- _What the exercise asks_
Can you pull out each line of the data below that includes the word "fill"?

- _Material provided_

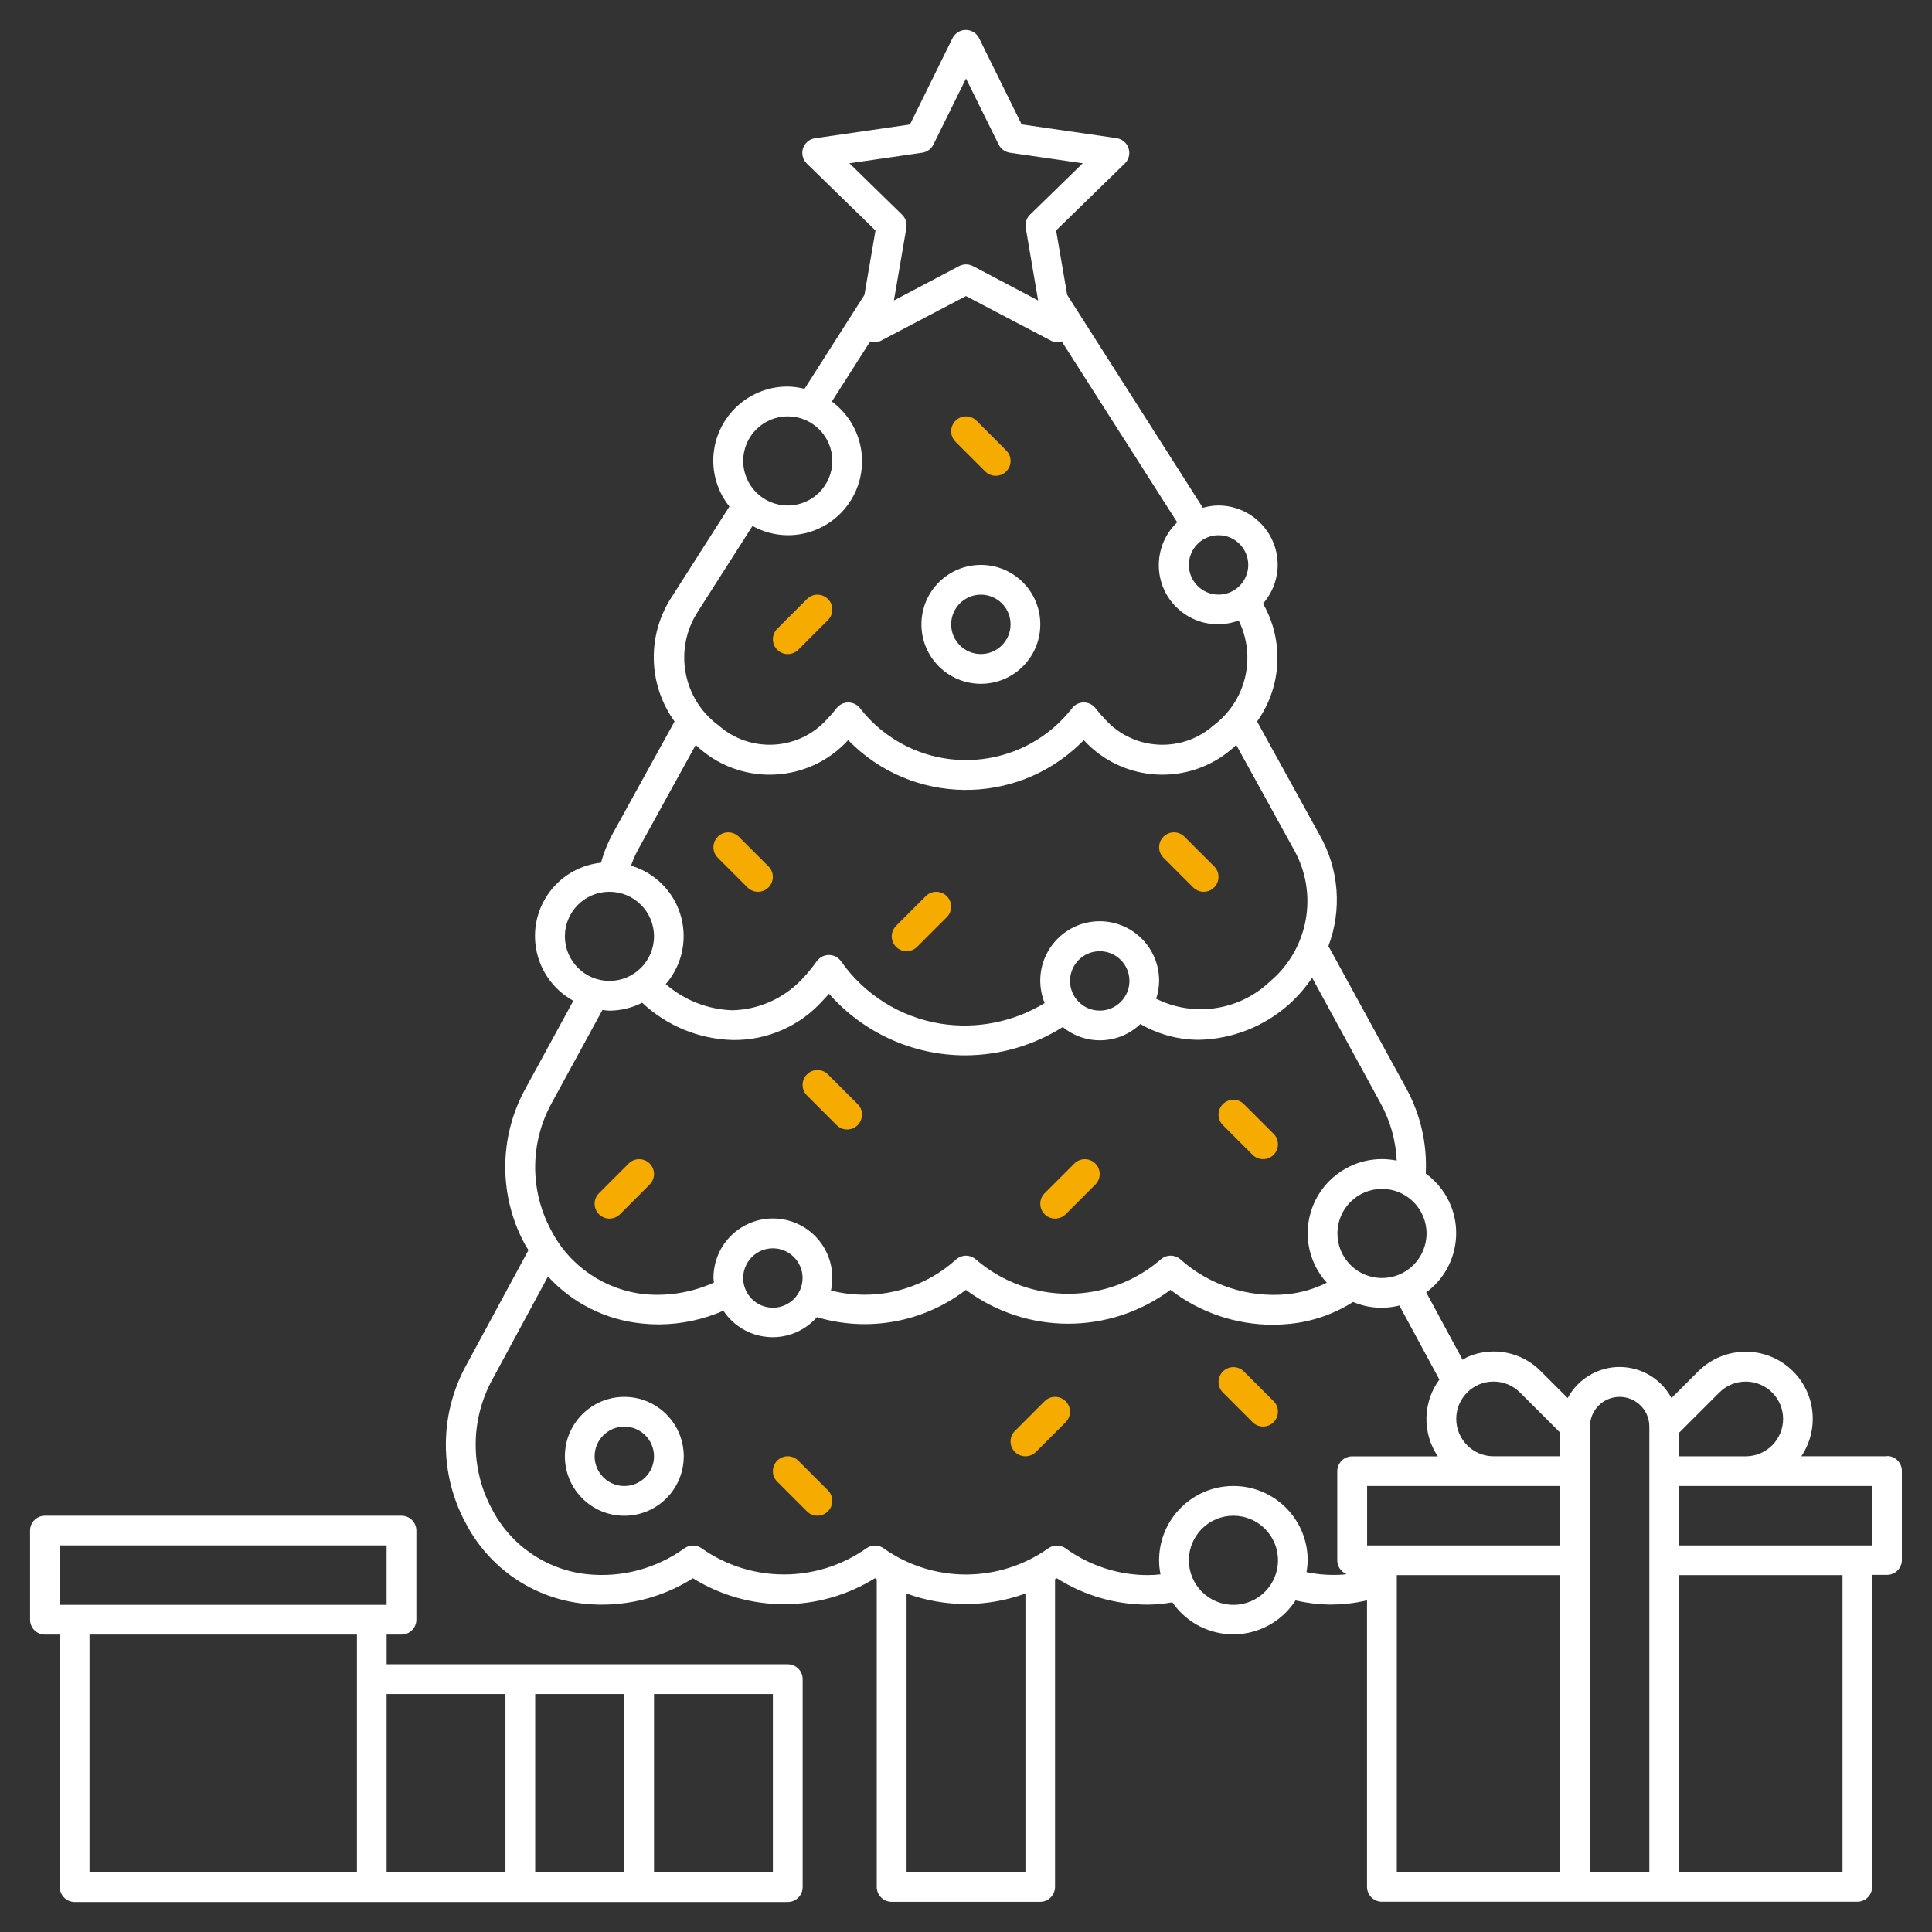 <?xml version="1.0" encoding="UTF-8"?>
<svg id="Line_Expand" data-name="Line Expand" xmlns="http://www.w3.org/2000/svg" viewBox="0 0 512 512">
  <rect x="0" y="0" width="512" height="512" fill="#333333" stroke="none"/>
  <defs>
    <style>
      .cls-1 {
        fill: #fff;
      }

      .cls-2 {
        fill: #f6ab01;
      }
    </style>
  </defs>
  <path class="cls-1" d="M208.76,441.05h-106.3v-7.87h3.94c2.17,0,3.94-1.76,3.94-3.94v-23.62c0-2.17-1.76-3.94-3.94-3.94H11.91c-2.17,0-3.94,1.76-3.94,3.94v23.62c0,2.17,1.76,3.94,3.94,3.94h3.94v66.93c0,2.17,1.76,3.94,3.94,3.94h188.98c2.17,0,3.94-1.76,3.94-3.94v-55.12c0-2.17-1.76-3.94-3.94-3.94ZM15.84,425.3v-15.75h86.61v15.75H15.84ZM94.58,496.17H23.72v-62.99h70.87v62.99ZM133.95,496.17h-31.5v-47.24h31.5v47.24ZM165.45,496.17h-23.62v-47.24h23.62v47.24ZM204.82,496.17h-31.5v-47.24h31.5v47.24Z"/>
  <path class="cls-2" d="M276.83,371.34l-7.87,7.87c-1.54,1.54-1.54,4.04,0,5.57s4.04,1.54,5.57,0l7.87-7.87c1.54-1.54,1.54-4.04,0-5.57s-4.04-1.54-5.57,0Z"/>
  <path class="cls-2" d="M161.51,322.94c1.04,0,2.05-.41,2.79-1.15l7.87-7.87c1.54-1.54,1.54-4.04,0-5.57s-4.04-1.54-5.57,0l-7.87,7.87c-1.54,1.54-1.54,4.03,0,5.57.74.74,1.75,1.16,2.79,1.16Z"/>
  <path class="cls-2" d="M279.62,322.94c1.04,0,2.05-.41,2.79-1.15l7.87-7.87c1.54-1.54,1.54-4.04,0-5.57s-4.04-1.54-5.57,0l-7.87,7.87c-1.54,1.54-1.54,4.03,0,5.57.74.74,1.75,1.16,2.79,1.16Z"/>
  <path class="cls-2" d="M240.25,252.08c1.04,0,2.05-.41,2.79-1.15l7.87-7.87c1.54-1.54,1.54-4.04,0-5.57s-4.04-1.54-5.57,0l-7.87,7.87c-1.54,1.54-1.54,4.03,0,5.57.74.74,1.75,1.16,2.79,1.16Z"/>
  <path class="cls-2" d="M208.76,173.34c1.04,0,2.05-.41,2.79-1.15l7.87-7.87c1.54-1.54,1.54-4.04,0-5.57s-4.04-1.54-5.57,0l-7.87,7.87c-1.54,1.54-1.54,4.03,0,5.57.74.74,1.75,1.16,2.79,1.16Z"/>
  <path class="cls-2" d="M211.54,387.08c-1.54-1.54-4.04-1.54-5.57,0s-1.54,4.04,0,5.57l7.87,7.87c1.54,1.54,4.04,1.54,5.57,0s1.54-4.04,0-5.57l-7.87-7.87Z"/>
  <path class="cls-2" d="M329.65,363.46c-1.54-1.54-4.04-1.54-5.57,0s-1.54,4.04,0,5.57l7.87,7.87c1.54,1.54,4.04,1.54,5.57,0s1.54-4.04,0-5.57l-7.87-7.87Z"/>
  <path class="cls-2" d="M221.72,298.17c1.54,1.54,4.04,1.54,5.57,0s1.54-4.04,0-5.57l-7.87-7.87c-1.54-1.54-4.04-1.54-5.57,0s-1.54,4.04,0,5.57l7.87,7.87Z"/>
  <path class="cls-2" d="M198.09,235.18c1.54,1.54,4.04,1.54,5.57,0s1.54-4.04,0-5.57l-7.87-7.87c-1.54-1.54-4.04-1.54-5.57,0s-1.54,4.04,0,5.57l7.87,7.87Z"/>
  <path class="cls-2" d="M331.95,306.04c1.54,1.54,4.04,1.54,5.57,0s1.54-4.04,0-5.57l-7.87-7.87c-1.54-1.54-4.04-1.54-5.57,0s-1.54,4.04,0,5.57l7.87,7.87Z"/>
  <path class="cls-2" d="M316.2,235.18c1.54,1.54,4.04,1.54,5.57,0s1.54-4.04,0-5.57l-7.87-7.87c-1.54-1.54-4.04-1.54-5.57,0s-1.54,4.04,0,5.57l7.87,7.87Z"/>
  <path class="cls-2" d="M261.09,124.94c1.54,1.54,4.04,1.54,5.57,0s1.54-4.04,0-5.57l-7.87-7.87c-1.54-1.54-4.04-1.54-5.57,0s-1.54,4.04,0,5.57l7.87,7.87Z"/>
  <path class="cls-1" d="M259.94,181.21c8.7,0,15.75-7.05,15.75-15.75s-7.05-15.75-15.75-15.75-15.75,7.05-15.75,15.75,7.05,15.75,15.75,15.75ZM259.94,157.59c4.35,0,7.87,3.53,7.87,7.87s-3.53,7.87-7.87,7.87-7.87-3.53-7.87-7.87,3.53-7.87,7.87-7.87Z"/>
  <path class="cls-1" d="M165.45,370.19c-8.7,0-15.75,7.05-15.75,15.75s7.05,15.75,15.75,15.75,15.75-7.05,15.75-15.75-7.05-15.75-15.75-15.75ZM165.45,393.81c-4.35,0-7.87-3.53-7.87-7.87s3.53-7.87,7.87-7.87,7.87,3.53,7.87,7.87-3.53,7.87-7.87,7.87Z"/>
  <path class="cls-1" d="M500.09,385.93h-22.71c1.97-2.93,3.03-6.38,3.02-9.91.01-9.82-7.94-17.79-17.76-17.8-4.72,0-9.25,1.87-12.59,5.2l-7.09,7.09c-4.07-7.6-13.53-10.46-21.13-6.38-2.71,1.45-4.93,3.67-6.38,6.38l-7.09-7.09c-5.04-5.16-12.74-6.69-19.37-3.85-.51.21-.9.57-1.38.79l-9.65-17.86c8.67-6.39,10.53-18.6,4.14-27.27-1.19-1.62-2.63-3.05-4.26-4.23.39-7.77-1.35-15.5-5.05-22.35l-20.75-37.93c3.65-9.64,2.81-20.41-2.29-29.36l-16.61-30.16c6.57-9.22,7.19-21.42,1.57-31.25,2.49-2.83,3.87-6.47,3.89-10.24,0-8.7-7.05-15.75-15.75-15.75-1.38.02-2.75.22-4.08.61l-35.96-56.43-2.93-17.07,18.2-17.74c1.56-1.52,1.59-4.01.07-5.57-.6-.62-1.4-1.02-2.25-1.15l-25.16-3.65-11.25-22.8c-.95-1.96-3.3-2.77-5.26-1.83-.8.39-1.44,1.03-1.83,1.83l-11.25,22.83-25.16,3.65c-2.15.31-3.64,2.31-3.33,4.46.12.86.53,1.65,1.15,2.25l18.2,17.74-2.93,17.07-15.88,24.89c-1.47-.38-2.97-.58-4.49-.61-10.87,0-19.69,8.81-19.69,19.69.02,4.4,1.52,8.67,4.28,12.1l-15.06,23.62c-6.84,10.13-6.63,23.45.52,33.35l-16.61,30.13c-1.22,2.32-2.19,4.77-2.88,7.3-10.73,1.13-18.52,10.75-17.39,21.48.67,6.38,4.43,12.02,10.06,15.1l-12.81,23.49c-6.91,12.69-6.98,28-.2,40.76.34.65.75,1.23,1.11,1.84l-16.65,30.8c-6.95,12.89-6.99,28.41-.09,41.33,6.18,12.1,18.08,20.23,31.59,21.59,10.07,1.03,20.19-1.35,28.74-6.76,14.77,9.17,33.45,9.17,48.22,0,.16.1.33.17.49.26v81.54c0,2.17,1.76,3.94,3.94,3.94h39.37c2.17,0,3.94-1.76,3.94-3.94v-81.54c.16-.09.33-.16.49-.26,7.21,4.58,15.57,7,24.11,6.99,2.18-.03,4.35-.24,6.5-.61,6.15,8.92,18.36,11.16,27.28,5.01,2.13-1.47,3.95-3.34,5.35-5.52,2.98.69,6.03,1.06,9.09,1.11,1.54,0,3.09-.08,4.62-.24,1.76-.18,3.51-.48,5.24-.89v75.93c0,2.17,1.76,3.94,3.94,3.94h125.98c2.17,0,3.94-1.76,3.94-3.94v-82.68h3.94c2.17,0,3.94-1.76,3.94-3.94v-23.62c0-2.17-1.76-3.94-3.94-3.94ZM378.05,326.88c0,6.52-5.29,11.81-11.81,11.81s-11.81-5.29-11.81-11.81,5.29-11.81,11.81-11.81,11.81,5.29,11.81,11.81ZM322.93,141.84c4.35,0,7.87,3.53,7.87,7.87s-3.53,7.87-7.87,7.87-7.87-3.53-7.87-7.87,3.53-7.87,7.87-7.87ZM225.09,43.27l19.31-2.8c1.28-.19,2.39-1,2.96-2.16l8.64-17.5,8.66,17.5c.57,1.16,1.68,1.97,2.96,2.16l19.31,2.8-13.97,13.62c-.93.9-1.35,2.21-1.13,3.49l3.28,19.25-17.27-9.11c-1.15-.6-2.52-.6-3.67,0l-17.27,9.11,3.3-19.23c.22-1.28-.2-2.58-1.13-3.49l-13.97-13.65ZM208.76,110.34c6.52,0,11.81,5.29,11.81,11.81s-5.29,11.81-11.81,11.81-11.81-5.29-11.81-11.81,5.29-11.81,11.81-11.81ZM184.92,162.1l14.5-22.72c2.85,1.59,6.06,2.44,9.33,2.46,10.84.04,19.66-8.7,19.7-19.54.03-6.27-2.95-12.18-8-15.89l10.17-15.94c.94.33,1.98.26,2.87-.19l22.5-11.82,22.5,11.81c.89.45,1.92.52,2.87.19l30.61,47.96c-6.27,5.96-6.52,15.88-.56,22.15,4.33,4.56,10.98,6.08,16.86,3.87,4.76,9.68,1.94,21.37-6.69,27.82-8.38,7.38-21.14,6.68-28.66-1.57-.92-.96-1.8-1.96-2.61-3.01-.74-.96-1.89-1.52-3.1-1.52h0c-1.21,0-2.36.56-3.1,1.52-12.07,15.52-34.43,18.32-49.95,6.25-2.34-1.82-4.43-3.92-6.25-6.25-.74-.96-1.89-1.52-3.1-1.52h0c-1.21,0-2.36.56-3.1,1.52-.82,1.04-1.69,2.05-2.61,3-7.52,8.26-20.28,8.96-28.67,1.57-9.53-7.01-11.94-20.23-5.5-30.16ZM169.09,225.17l15.29-27.77c.39.34.74.74,1.14,1.06,11.54,9.94,28.88,8.94,39.2-2.26l.06-.06c16.74,17.24,44.29,17.64,61.53.9.3-.29.6-.59.9-.9l.06.06c10.32,11.19,27.66,12.19,39.2,2.26.4-.31.79-.72,1.14-1.06l15.29,27.77c6.58,11.68,3.88,26.4-6.41,34.99-8.09,7.68-20.12,9.48-30.1,4.51.51-1.52.77-3.12.79-4.72.03-8.7-6.99-15.77-15.69-15.81s-15.77,6.99-15.81,15.69c0,2.05.39,4.08,1.16,5.99-8.25,5.03-18.02,6.96-27.56,5.46-10.67-1.72-20.19-7.68-26.4-16.54-1.26-1.77-3.71-2.19-5.49-.94-.36.26-.68.57-.94.94-1.21,1.7-2.54,3.32-3.99,4.82-4.77,5.04-11.35,7.97-18.29,8.17-6.54-.19-12.8-2.64-17.74-6.93,7.03-8.13,6.14-20.41-1.99-27.44-2.1-1.81-4.55-3.16-7.21-3.94.49-1.47,1.12-2.89,1.86-4.24ZM299.31,259.95c0,4.35-3.53,7.87-7.87,7.87s-7.87-3.53-7.87-7.87,3.53-7.87,7.87-7.87,7.87,3.53,7.87,7.87ZM149.7,248.14c0-6.52,5.29-11.81,11.81-11.81s11.81,5.29,11.81,11.81-5.29,11.81-11.81,11.81-11.81-5.29-11.81-11.81ZM146.09,292.52l13.57-24.88c.62.09,1.24.16,1.86.19,3.01-.02,5.98-.74,8.66-2.1,6.51,6.12,15.04,9.64,23.97,9.88,9.16.14,17.92-3.72,24-10.57.52-.54,1.03-1.1,1.57-1.67,9.14,10.38,22.31,16.33,36.15,16.31,9.13-.04,18.06-2.64,25.78-7.51,6.06,4.98,14.89,4.64,20.55-.79,4.69,2.71,10,4.15,15.41,4.18,8.93-.16,17.5-3.55,24.14-9.53,2.26-2.06,4.27-4.38,5.98-6.92l18.21,33.39c2.53,4.64,3.97,9.79,4.2,15.07-10.66-2.16-21.04,4.73-23.2,15.39-.26,1.29-.39,2.6-.39,3.92.02,4.83,1.82,9.49,5.07,13.06-3.3,1.64-6.86,2.67-10.53,3.05-10.29.98-20.52-2.36-28.24-9.22-1.49-1.34-3.76-1.34-5.25,0-14.07,12.13-34.91,12.13-48.98,0-1.49-1.33-3.75-1.33-5.24,0-8.99,8.12-21.43,11.21-33.17,8.24,1.85-8.5-3.53-16.89-12.03-18.74-8.5-1.85-16.89,3.53-18.74,12.03-.24,1.12-.37,2.26-.36,3.4,0,.41.09.79.12,1.2-5.73,2.58-12.02,3.65-18.28,3.09-10.7-1.1-20.12-7.56-24.98-17.17-5.54-10.42-5.48-22.94.16-33.31ZM212.69,338.69c0,4.35-3.53,7.87-7.87,7.87s-7.87-3.53-7.87-7.87,3.53-7.87,7.87-7.87,7.87,3.53,7.87,7.87ZM271.75,496.17h-31.5v-73.87c10.17,3.71,21.32,3.71,31.5,0v73.87ZM326.87,425.3c-6.52,0-11.81-5.29-11.81-11.81s5.29-11.81,11.81-11.81,11.81,5.29,11.81,11.81-5.29,11.81-11.81,11.81ZM346.23,416.64c.19-1.04.3-2.09.32-3.15,0-10.87-8.81-19.69-19.69-19.69s-19.69,8.81-19.69,19.69c0,1.25.13,2.5.38,3.73-1.11.13-2.22.2-3.34.2-7.84,0-15.47-2.49-21.81-7.09-1.37-.99-3.22-.99-4.6,0-13.07,9.24-30.55,9.24-43.62,0-1.37-.99-3.22-.99-4.6,0-13.08,9.22-30.54,9.22-43.62,0-1.37-.99-3.22-.99-4.6,0-7.42,5.34-16.53,7.79-25.63,6.87-10.89-1.12-20.47-7.69-25.45-17.45-5.65-10.6-5.63-23.33.06-33.91l14.88-27.56c6.47,7.08,15.33,11.52,24.87,12.46,1.51.16,3.04.24,4.56.24,5.87-.03,11.68-1.27,17.06-3.62,4.77,7.2,14.48,9.18,21.68,4.41,1.15-.76,2.19-1.67,3.1-2.71,13.56,4.06,28.24,1.37,39.48-7.23,16.09,11.96,38.13,11.96,54.22,0,7.77,5.99,17.3,9.24,27.11,9.24,1.52,0,3.04-.08,4.56-.24,5.95-.6,11.68-2.59,16.72-5.8,3.87,1.66,8.18,1.99,12.26.94l10.61,19.63c-4.42,6.01-4.59,14.16-.41,20.35h-22.71c-2.17,0-3.94,1.76-3.94,3.94v23.62c0,1.6.98,3.04,2.46,3.64-.21,0-.42.09-.63.11-3.35.27-6.73.05-10.02-.63ZM413.48,496.17h-43.31v-78.74h43.31v78.74ZM413.48,409.56h-51.18v-15.75h51.18v15.75ZM413.48,385.93h-17.66c-5.47,0-9.89-4.44-9.9-9.91,0-5.47,4.44-9.9,9.9-9.89,2.62,0,5.14,1.04,6.99,2.9l10.66,10.65v6.24ZM437.1,496.17h-15.75v-118.11c0-4.35,3.53-7.87,7.87-7.87s7.87,3.53,7.87,7.87v118.11ZM444.98,379.69l10.66-10.65c3.86-3.87,10.13-3.87,14,0,1.86,1.85,2.9,4.37,2.9,6.99,0,5.47-4.43,9.9-9.9,9.91h-17.66v-6.24ZM488.28,496.17h-43.31v-78.74h43.31v78.74ZM496.16,409.56h-51.18v-15.75h51.18v15.75Z"/>
</svg>

- _Exercise answer_
  <rect x="0" y="0" width="512" height="512" fill="#333333" stroke="none"/>
        fill: #fff;
        fill: #f6ab01;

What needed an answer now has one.